» TASK STATEMENT:
The answer should hold only the line with "Black discs: 35" and each line after it through the last line of the material, exactly.

» RECORDS FOR THE EXERCISE:
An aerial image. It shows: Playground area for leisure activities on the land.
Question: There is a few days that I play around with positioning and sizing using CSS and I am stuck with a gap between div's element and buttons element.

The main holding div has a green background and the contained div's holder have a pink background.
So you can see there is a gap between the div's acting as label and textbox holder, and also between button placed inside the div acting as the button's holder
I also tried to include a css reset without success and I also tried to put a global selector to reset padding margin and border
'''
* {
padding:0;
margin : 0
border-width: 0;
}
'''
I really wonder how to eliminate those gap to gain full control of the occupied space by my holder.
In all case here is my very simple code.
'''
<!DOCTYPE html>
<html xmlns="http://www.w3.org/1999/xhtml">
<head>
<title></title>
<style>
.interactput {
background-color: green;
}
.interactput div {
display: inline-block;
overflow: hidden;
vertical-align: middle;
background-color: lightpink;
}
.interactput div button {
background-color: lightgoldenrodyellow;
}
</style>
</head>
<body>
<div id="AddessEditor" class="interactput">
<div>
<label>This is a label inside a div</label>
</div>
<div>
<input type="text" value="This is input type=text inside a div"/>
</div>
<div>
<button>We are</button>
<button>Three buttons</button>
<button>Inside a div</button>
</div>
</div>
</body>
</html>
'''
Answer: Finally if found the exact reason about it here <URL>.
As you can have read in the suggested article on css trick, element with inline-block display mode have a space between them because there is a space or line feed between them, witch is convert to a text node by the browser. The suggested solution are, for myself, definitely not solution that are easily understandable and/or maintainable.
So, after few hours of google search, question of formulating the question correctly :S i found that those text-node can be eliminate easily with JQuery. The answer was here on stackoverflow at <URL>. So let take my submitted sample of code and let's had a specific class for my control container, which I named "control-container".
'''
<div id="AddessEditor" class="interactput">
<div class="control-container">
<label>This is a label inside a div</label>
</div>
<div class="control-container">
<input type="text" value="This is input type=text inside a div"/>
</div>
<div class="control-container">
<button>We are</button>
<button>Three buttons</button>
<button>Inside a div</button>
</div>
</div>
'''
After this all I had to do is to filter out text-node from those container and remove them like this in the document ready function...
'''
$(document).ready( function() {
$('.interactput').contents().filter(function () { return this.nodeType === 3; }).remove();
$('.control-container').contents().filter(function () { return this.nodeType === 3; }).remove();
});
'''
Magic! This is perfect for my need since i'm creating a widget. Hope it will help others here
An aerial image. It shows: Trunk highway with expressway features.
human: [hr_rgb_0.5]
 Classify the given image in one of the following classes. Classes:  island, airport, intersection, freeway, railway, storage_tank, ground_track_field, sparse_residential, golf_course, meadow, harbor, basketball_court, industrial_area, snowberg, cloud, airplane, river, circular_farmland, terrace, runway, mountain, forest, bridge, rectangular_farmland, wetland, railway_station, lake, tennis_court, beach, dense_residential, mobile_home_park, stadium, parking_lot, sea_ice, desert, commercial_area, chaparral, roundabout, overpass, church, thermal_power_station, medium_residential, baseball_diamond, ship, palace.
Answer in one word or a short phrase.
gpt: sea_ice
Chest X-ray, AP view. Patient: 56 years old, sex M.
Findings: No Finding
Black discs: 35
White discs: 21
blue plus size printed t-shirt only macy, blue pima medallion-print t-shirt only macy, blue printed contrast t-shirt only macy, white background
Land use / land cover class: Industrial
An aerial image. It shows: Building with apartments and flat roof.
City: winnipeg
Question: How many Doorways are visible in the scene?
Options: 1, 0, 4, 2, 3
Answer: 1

» WORKED SOLUTION:
Black discs: 35
White discs: 21
blue plus size printed t-shirt only macy, blue pima medallion-print t-shirt only macy, blue printed contrast t-shirt only macy, white background
Land use / land cover class: Industrial
An aerial image. It shows: Building with apartments and flat roof.
City: winnipeg
Question: How many Doorways are visible in the scene?
Options: 1, 0, 4, 2, 3
Answer: 1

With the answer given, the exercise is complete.